The Barroso region, located in the mountainous north of Portugal and near Galicia, is mainly located in the Municipality of Montalegre and is part of the territory delimited by the Peneda-Gerês National Park.
This region has a complex and unique ecosystem, marked by the historical influence of different peoples, namely, Celts, where the use of sustainable agricultural technologies reflects an extension of this occupation.
This agricultural system has unique characteristics and recently has been classified as a Globally Important Agricultural Heritage System by the United Nations Organization for Food and Agriculture. Agriculture is further developed in harmony with the environment, having agroecological interactions with grazing and silviculture.
Endemic animal genetic resources play a central role in these virtuous connections, as it’s the case of the native breed Barrosã and Maronesa, in the case of cattle, cabrito and cordeiro do Barroso, in the case of goats breed.
The maintenance of balance between the various components of this system is also favored by the traditional knowledge of family farmers. They have developed social systems based on strong community relations, expressed in typical activities of the region such as the “people’s ox”, rotational grazing sheep and goats between the shepherds and the “people’s oven”, which were essential to survive in a region where subsistence has always been difficult.
Even at the beginning of the 20th century, the poorest families went through long periods of hunger, an expression of social inequalities that changed with the democratization of the country.
Currently, the local food system is based on local products, with bread, potatoes, cabbage, vegetables and pulses standing out.

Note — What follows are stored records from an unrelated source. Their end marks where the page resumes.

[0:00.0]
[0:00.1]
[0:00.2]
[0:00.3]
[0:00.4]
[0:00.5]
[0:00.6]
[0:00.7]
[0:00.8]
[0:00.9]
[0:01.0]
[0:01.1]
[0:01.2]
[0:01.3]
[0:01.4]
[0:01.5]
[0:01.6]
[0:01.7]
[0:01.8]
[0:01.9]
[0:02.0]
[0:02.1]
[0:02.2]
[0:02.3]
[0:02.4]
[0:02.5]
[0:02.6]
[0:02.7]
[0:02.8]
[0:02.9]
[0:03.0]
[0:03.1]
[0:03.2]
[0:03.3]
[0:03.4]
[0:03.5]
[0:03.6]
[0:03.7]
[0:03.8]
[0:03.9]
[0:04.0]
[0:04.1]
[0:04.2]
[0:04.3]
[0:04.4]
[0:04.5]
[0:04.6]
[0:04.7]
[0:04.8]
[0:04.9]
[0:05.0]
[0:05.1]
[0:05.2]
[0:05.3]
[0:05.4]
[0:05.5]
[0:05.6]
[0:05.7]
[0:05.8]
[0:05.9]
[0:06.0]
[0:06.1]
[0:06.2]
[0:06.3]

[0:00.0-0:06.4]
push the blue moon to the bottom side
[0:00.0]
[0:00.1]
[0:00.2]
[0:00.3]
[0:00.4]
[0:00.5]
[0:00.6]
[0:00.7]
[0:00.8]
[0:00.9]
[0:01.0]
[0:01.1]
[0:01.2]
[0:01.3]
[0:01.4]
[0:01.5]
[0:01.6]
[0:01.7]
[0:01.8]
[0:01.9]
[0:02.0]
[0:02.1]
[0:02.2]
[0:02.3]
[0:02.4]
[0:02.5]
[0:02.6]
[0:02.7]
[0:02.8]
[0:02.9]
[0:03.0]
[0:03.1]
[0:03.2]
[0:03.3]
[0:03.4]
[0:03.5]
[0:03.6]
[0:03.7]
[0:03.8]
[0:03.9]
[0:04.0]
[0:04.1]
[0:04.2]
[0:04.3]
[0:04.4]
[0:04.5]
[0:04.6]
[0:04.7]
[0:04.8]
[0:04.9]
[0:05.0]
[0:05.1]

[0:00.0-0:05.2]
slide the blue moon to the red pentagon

Food is largely made up with what is still produced locally, excepting wine and olive oil. However, the traditional and popular culinary of Barroso is nowadays heavily influenced by the smokestation and the agroecological cure of several sausages based on pork, practices that integrate the identity and food heritage of Portugal.
From agricultural communitarianism to the “pig revolution”, there is a giant step in the development path of what emerges as the most preserved food landscape in Portugal.